NCAR / spack-gust

Spack production user software stack on the Gust test system
4 stars 0 forks source link

cuIpcGetMemHandle error #23

Open johnmauff opened 1 year ago

johnmauff commented 1 year ago

After setting the CUDA_VISIBLE_DEVICES environment variable #22 I was able to launch CM1 on multiple nodes of Gust. Unfortunately, it subsequently dies with the following error before the timestep is entered. Note that while CM1 is an OpenACC code, it does not use OpenACC to access the MPI library. Note that a similar failure was observed on Perlmutter by Supreeth Suresh and may be related to the Cray MPICH library.

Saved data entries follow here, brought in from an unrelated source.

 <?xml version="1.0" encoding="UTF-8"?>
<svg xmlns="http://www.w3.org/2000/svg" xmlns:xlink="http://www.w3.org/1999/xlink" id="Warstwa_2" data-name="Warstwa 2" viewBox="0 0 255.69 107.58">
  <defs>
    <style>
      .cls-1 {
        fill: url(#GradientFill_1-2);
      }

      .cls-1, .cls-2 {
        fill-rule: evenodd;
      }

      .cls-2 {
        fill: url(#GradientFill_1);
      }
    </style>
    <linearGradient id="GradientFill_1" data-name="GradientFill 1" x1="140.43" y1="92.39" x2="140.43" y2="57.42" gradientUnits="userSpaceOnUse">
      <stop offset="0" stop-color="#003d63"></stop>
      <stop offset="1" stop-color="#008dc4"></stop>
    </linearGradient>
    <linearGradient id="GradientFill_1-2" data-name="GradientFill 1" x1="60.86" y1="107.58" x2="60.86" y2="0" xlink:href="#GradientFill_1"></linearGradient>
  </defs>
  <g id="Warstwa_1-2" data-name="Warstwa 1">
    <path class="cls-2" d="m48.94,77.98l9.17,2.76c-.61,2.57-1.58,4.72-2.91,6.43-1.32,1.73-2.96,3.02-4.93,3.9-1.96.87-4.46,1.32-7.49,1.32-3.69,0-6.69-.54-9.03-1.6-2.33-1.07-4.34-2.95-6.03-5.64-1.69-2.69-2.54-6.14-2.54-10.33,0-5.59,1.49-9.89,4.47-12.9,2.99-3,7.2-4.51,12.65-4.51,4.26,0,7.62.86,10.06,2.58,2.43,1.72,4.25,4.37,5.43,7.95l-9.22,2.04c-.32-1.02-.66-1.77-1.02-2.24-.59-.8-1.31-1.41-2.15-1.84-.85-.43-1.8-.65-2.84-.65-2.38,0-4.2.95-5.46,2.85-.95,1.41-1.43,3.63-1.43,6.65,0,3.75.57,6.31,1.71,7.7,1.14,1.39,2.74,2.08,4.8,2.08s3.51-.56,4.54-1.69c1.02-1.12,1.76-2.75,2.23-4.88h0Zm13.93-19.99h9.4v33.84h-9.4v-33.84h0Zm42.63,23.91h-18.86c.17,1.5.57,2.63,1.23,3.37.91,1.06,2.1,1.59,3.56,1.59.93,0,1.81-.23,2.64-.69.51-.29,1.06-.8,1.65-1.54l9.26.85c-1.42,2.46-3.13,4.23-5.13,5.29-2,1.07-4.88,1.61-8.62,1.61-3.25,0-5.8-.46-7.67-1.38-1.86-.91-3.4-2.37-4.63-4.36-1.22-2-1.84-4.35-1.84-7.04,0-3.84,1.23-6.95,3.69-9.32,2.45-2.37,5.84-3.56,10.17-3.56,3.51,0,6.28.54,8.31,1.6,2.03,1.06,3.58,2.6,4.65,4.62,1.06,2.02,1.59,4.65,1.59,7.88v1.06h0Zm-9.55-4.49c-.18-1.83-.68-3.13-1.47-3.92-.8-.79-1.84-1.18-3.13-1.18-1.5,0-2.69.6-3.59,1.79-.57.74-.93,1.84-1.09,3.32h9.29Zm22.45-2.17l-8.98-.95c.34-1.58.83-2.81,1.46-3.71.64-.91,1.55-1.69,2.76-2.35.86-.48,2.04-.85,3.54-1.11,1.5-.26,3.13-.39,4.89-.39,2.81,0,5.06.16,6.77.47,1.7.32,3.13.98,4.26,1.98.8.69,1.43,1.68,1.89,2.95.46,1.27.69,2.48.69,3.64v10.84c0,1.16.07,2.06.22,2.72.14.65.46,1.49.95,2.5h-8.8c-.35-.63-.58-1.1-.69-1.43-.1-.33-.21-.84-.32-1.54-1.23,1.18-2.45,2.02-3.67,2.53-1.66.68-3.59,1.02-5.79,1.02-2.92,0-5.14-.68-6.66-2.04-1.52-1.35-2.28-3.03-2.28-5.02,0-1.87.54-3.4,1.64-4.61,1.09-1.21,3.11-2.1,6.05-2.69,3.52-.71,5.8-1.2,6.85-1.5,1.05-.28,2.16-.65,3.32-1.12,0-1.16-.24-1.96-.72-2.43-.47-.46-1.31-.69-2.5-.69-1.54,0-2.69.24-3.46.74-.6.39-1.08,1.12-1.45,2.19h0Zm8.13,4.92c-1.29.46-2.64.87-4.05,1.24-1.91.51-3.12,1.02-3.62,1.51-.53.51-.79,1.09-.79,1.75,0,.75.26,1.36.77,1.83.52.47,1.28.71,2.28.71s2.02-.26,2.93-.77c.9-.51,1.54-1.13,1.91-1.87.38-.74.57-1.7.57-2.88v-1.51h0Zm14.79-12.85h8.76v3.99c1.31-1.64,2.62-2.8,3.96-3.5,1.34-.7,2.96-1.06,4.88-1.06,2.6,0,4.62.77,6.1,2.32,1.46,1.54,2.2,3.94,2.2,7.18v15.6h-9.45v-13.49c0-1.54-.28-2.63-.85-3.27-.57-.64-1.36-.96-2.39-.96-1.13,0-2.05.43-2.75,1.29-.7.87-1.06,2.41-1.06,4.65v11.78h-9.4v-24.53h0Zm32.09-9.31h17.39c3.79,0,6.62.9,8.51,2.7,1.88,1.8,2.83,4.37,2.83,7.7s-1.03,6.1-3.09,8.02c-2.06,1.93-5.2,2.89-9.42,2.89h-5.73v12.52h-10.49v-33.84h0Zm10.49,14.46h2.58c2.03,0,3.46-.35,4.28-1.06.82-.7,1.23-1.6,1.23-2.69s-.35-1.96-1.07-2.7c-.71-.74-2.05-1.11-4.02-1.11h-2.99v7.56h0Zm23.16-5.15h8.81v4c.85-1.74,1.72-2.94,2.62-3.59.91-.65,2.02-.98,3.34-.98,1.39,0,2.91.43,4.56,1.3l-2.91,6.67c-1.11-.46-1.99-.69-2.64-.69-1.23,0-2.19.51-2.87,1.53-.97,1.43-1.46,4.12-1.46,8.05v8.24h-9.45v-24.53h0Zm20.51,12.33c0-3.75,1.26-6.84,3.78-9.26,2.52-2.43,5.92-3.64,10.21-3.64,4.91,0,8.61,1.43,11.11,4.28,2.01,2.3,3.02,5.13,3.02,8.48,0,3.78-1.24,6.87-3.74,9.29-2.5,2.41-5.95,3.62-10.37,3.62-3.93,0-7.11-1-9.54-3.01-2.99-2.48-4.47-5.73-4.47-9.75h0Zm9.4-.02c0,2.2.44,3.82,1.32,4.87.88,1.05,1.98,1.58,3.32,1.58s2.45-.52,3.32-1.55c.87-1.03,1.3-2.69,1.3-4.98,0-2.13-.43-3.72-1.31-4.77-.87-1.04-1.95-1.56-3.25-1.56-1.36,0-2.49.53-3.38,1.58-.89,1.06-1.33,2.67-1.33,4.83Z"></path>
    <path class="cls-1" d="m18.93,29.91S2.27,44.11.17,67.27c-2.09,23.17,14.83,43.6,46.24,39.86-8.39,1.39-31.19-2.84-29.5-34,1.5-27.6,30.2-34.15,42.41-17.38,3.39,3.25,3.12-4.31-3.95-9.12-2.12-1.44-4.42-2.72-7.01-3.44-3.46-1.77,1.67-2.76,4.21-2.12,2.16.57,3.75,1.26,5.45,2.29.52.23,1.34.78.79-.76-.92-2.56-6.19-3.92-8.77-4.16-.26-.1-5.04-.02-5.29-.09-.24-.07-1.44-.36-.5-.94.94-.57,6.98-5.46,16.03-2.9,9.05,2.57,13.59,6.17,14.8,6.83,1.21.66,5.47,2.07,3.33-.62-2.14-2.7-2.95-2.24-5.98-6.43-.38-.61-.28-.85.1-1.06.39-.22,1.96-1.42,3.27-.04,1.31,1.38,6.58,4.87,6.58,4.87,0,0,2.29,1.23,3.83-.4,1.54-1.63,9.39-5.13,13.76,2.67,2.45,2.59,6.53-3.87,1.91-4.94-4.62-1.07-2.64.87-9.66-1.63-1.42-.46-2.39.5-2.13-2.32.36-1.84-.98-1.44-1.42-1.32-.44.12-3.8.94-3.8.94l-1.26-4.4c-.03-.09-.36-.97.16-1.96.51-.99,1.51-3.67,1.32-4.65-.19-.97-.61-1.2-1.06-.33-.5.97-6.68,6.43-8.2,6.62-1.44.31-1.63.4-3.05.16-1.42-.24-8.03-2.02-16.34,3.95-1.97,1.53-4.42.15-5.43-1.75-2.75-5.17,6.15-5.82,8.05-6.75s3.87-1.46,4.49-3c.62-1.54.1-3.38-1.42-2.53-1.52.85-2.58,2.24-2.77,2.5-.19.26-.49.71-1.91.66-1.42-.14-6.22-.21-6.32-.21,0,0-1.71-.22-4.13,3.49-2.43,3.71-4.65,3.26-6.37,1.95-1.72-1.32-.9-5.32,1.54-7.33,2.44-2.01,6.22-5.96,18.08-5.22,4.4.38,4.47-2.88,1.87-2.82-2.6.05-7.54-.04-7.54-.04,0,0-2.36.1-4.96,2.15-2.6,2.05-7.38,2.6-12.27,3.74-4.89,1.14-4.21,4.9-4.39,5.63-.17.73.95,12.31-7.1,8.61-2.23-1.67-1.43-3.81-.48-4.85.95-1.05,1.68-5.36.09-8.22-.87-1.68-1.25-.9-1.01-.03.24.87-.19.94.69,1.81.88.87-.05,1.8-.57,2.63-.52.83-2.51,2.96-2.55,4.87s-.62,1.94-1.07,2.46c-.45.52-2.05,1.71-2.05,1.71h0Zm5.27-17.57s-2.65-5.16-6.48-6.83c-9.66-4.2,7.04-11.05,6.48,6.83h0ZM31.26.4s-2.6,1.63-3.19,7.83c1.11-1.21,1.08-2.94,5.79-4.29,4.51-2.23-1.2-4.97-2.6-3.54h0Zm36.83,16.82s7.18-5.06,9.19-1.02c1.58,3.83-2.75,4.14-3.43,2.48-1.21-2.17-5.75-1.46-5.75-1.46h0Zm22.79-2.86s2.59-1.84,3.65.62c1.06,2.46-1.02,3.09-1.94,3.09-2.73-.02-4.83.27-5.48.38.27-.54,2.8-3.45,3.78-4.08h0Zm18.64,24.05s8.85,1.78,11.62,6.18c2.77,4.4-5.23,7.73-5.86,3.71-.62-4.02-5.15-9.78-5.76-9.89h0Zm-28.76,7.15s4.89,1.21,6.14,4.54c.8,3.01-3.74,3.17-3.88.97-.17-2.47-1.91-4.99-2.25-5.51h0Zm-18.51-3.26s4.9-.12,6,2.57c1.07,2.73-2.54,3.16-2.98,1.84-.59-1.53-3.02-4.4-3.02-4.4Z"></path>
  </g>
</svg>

(GTL DEBUG: 1) cuIpcGetMemHandle: invalid argument, CUDA_ERROR_INVALID_VALUE, line no 97

johnmauff commented 1 year ago

With the most recent update of system software on Gust the cuIpcGetMemHandle error appears to have been eliminated.

benkirk commented 1 year ago

Thanks for the update!

I am seeing the same issue, currently, with just the simple OSU benchmarks. So we are tracking it with HPE.

Glad you are unaffected now.

johnmauff commented 1 year ago

@benkirk I just realized that the error went away for me due to the removal of management memory in the makefile, and not anything with the new system software. I will discuss this with my NVIDIA contacts to see if they have any ideas.